Additional practical notes and study tips
- The instructor emphasizes understanding over mechanical execution; practice interpreting t-test results and confidence levels, not just computing numbers.
- Expect to be tested on: one-sample t-test, two-sample t-test (pooled variance), paired t-test (differences), Q-test, regression/calibration basics, and the interpretation of confidence intervals.
- The lab portion is expected to be time-consuming (roughly six hours) but the exam itself is designed to be manageable with careful work.
- Real-world relevance: t-tests and regression underpin quality control, analytical chemistry data interpretation, and method validation.
Quick reference to core formulas (summary)

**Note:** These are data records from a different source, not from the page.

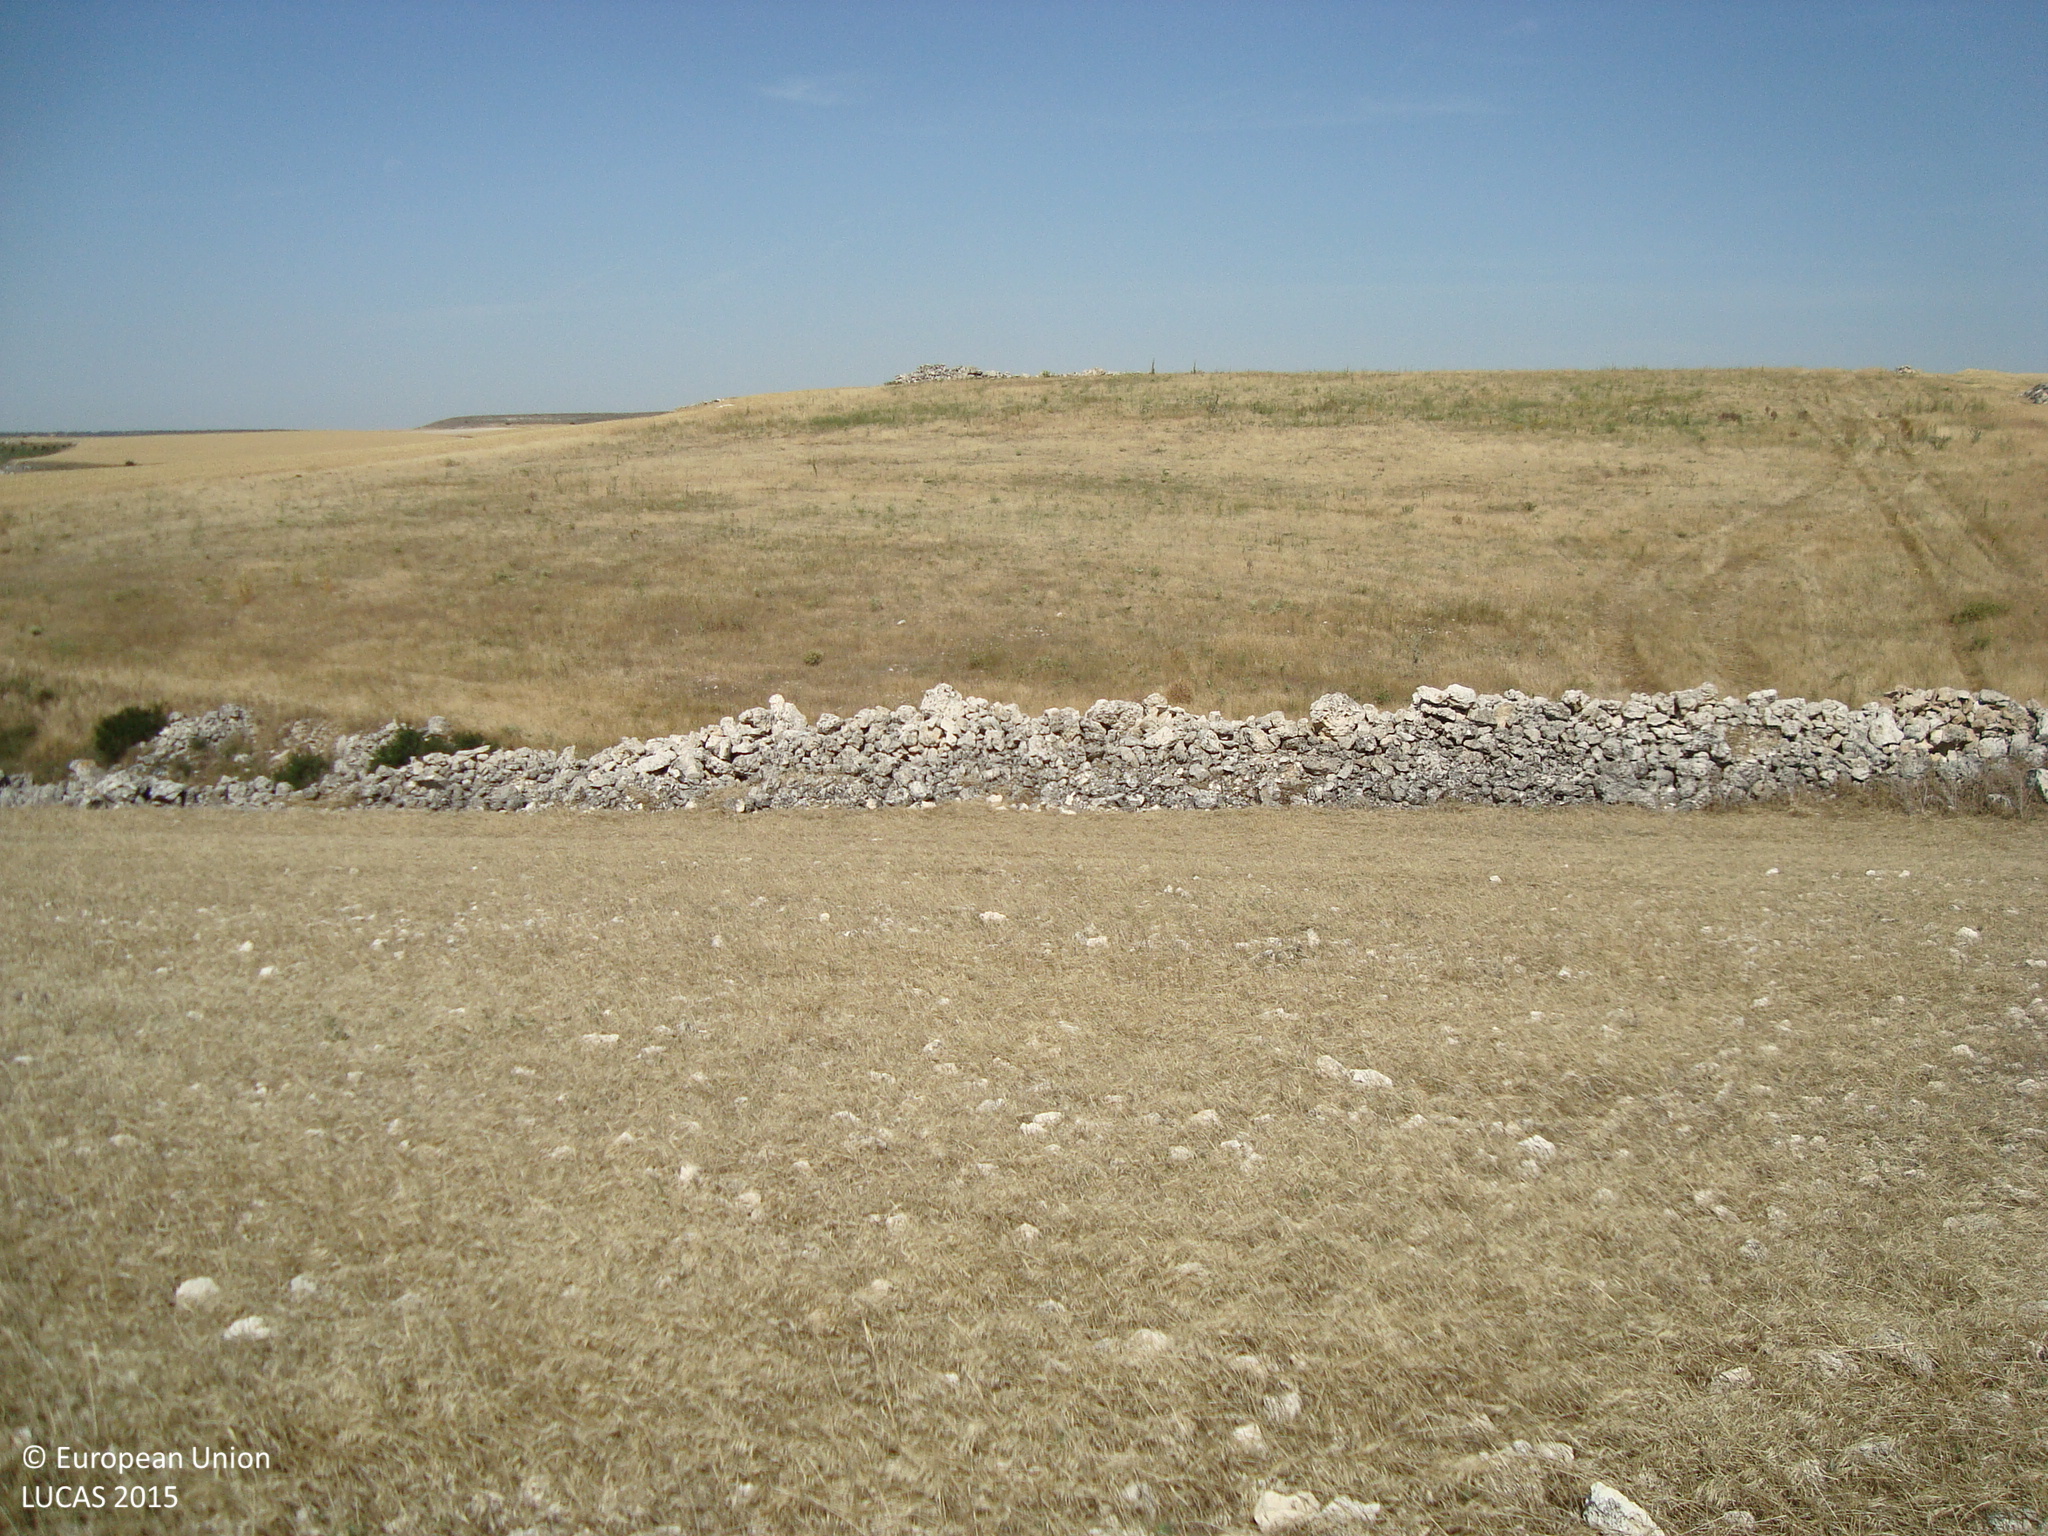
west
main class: Grassland
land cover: Grassland without tree/shrub cover
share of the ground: > 75 %
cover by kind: herbaceous plants 90 %, unconsolidated bare surface 10 %
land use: Abandoned areas
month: July
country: ES
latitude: 41.8409
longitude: -3.8706
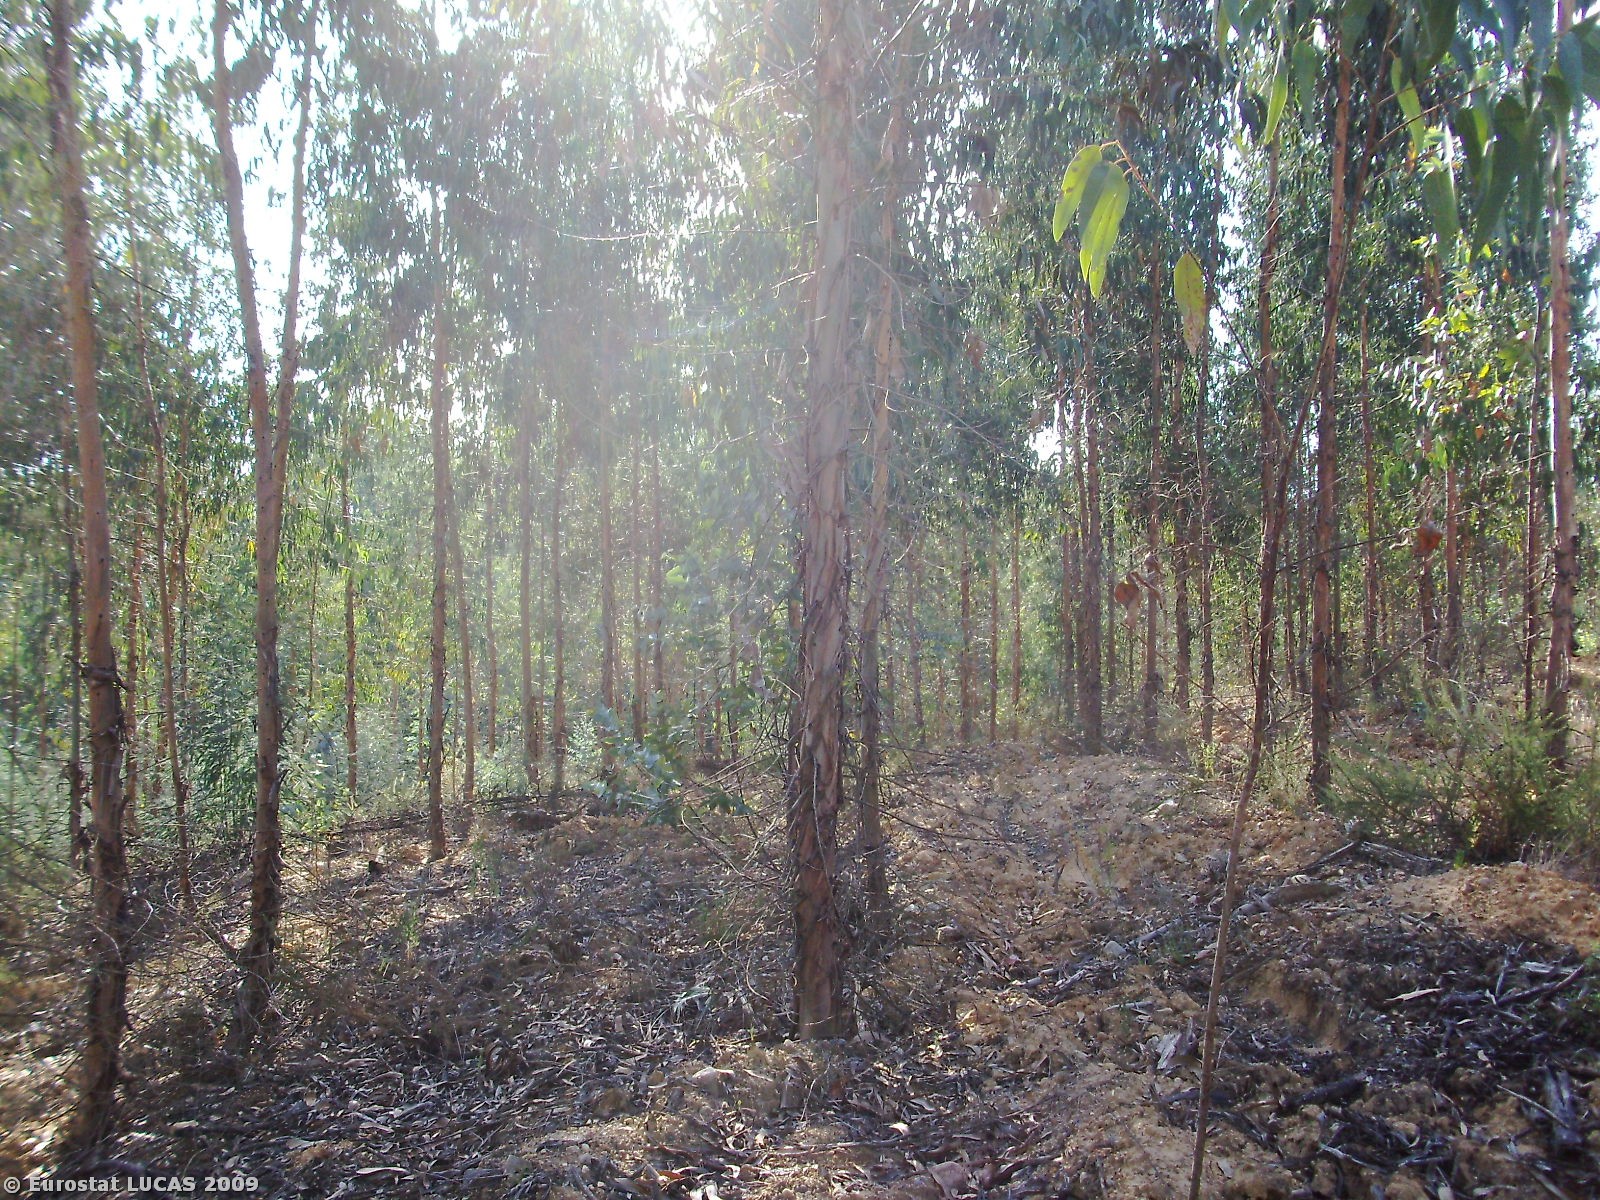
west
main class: Woodland
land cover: Broadleaved woodland
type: plantations and self-sown exotic forest
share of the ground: > 75 %
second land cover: Bare land
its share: 10 - 25 %
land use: Forestry
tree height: > 5 m
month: July
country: PT
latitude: 39.3532
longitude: -8.8201
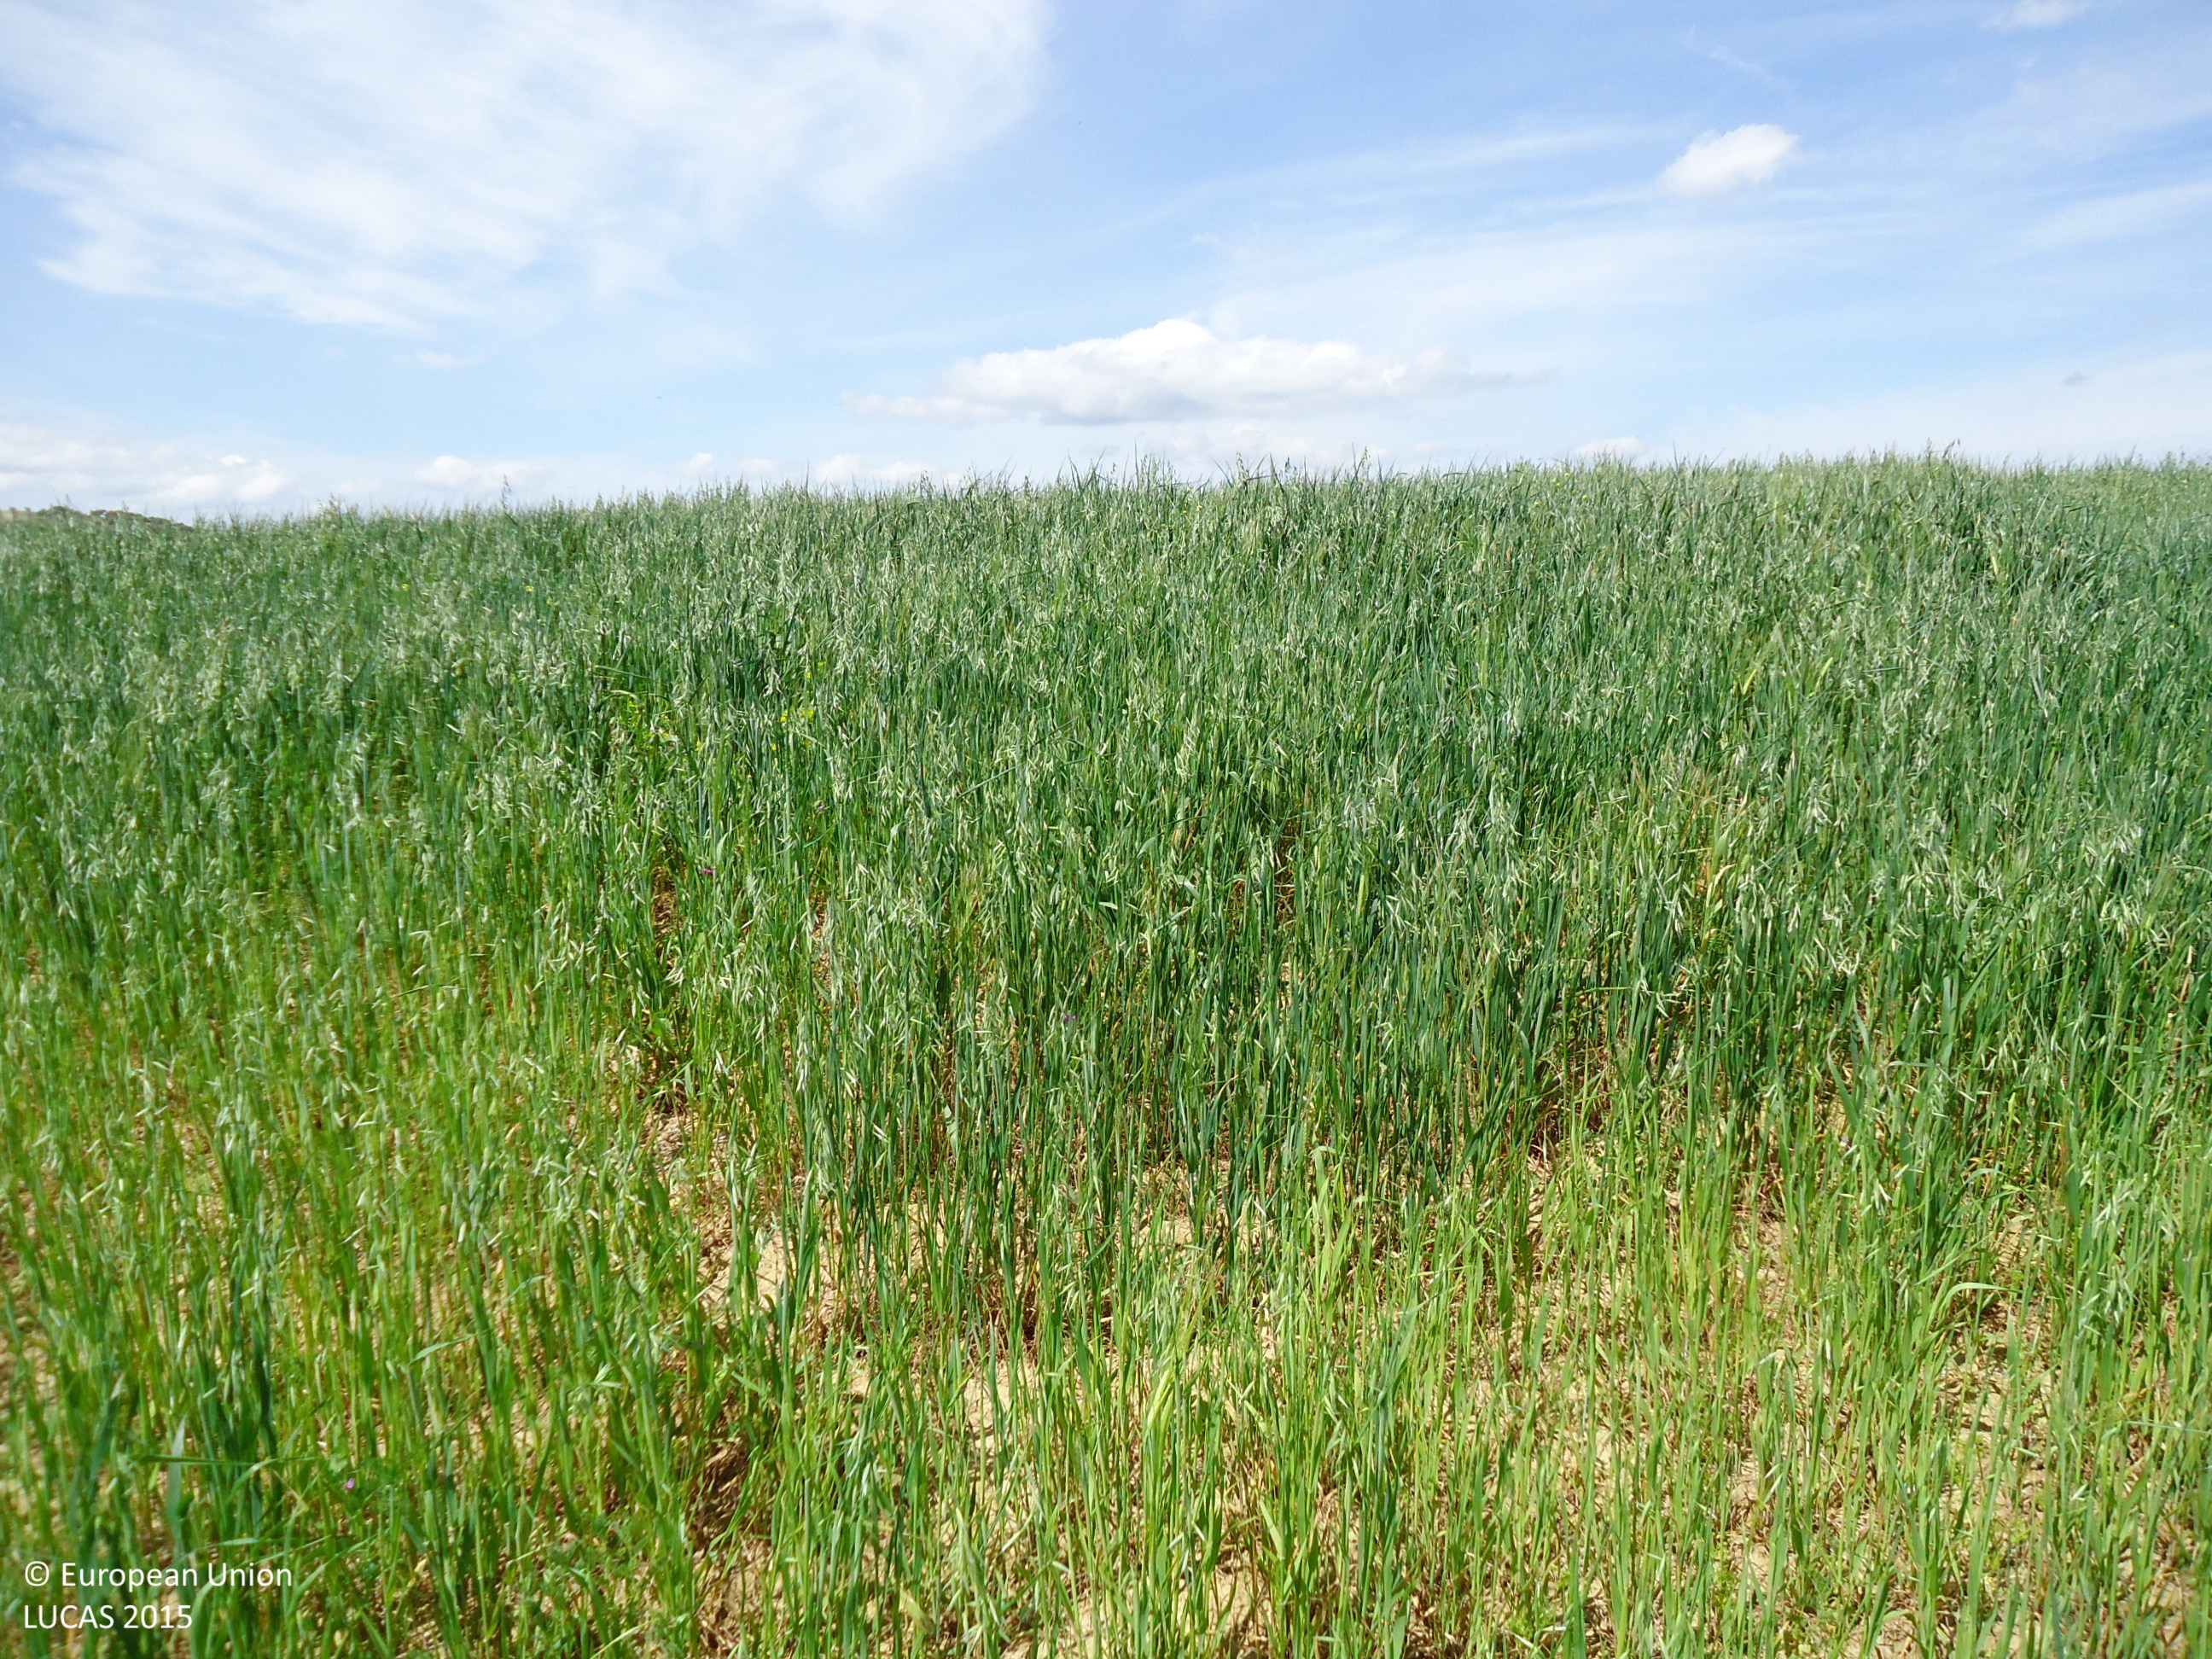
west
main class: Cropland
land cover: Oats
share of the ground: > 75 %
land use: Agriculture (excluding fallow land and kitchen gardens)
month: April
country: ES
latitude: 36.8923
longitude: -5.2756

- Confidence interval for one mean:
- $\mu = \bar{x} \pm t_{\alpha/2,\, n-1}\left(\frac{s}{\sqrt{n}}\right)$
- One-sample t-test:
- $t = \frac{\lvert \bar{x} - \mu_0 \rvert}{s/\sqrt{n}}$
- Two-sample t-test (equal variances, pooled):
- $sp^2 = \frac{(n1-1)s1^2 + (n2-1)s2^2}{n1+n_2-2}$
- $t = \frac{\lvert \bar{x}1 - \bar{x}2 \rvert}{sp \sqrt{\frac{1}{n1} + \frac{1}{n_2}}}$
- Paired t-test (differences):
- $t = \frac{\lvert \bar{d} \rvert}{s_d / \sqrt{n}}$
- Q-test for outliers:
- $Q = \frac{\text{gap}}{\text{range}}$
- Linear regression (slope and intercept):
- $b1 = \frac{n \sum xi yi - (\sum xi)(\sum yi)}{n \sum xi^2 - (\sum x_i)^2}$
- $b0 = \bar{y} - b1 \bar{x}$
Closing reminder
- The lab is open and students should prepare to work efficiently; collaboration with peers is common, but it’s essential to understand and justify every step, especially in hypothesis testing and regression analysis.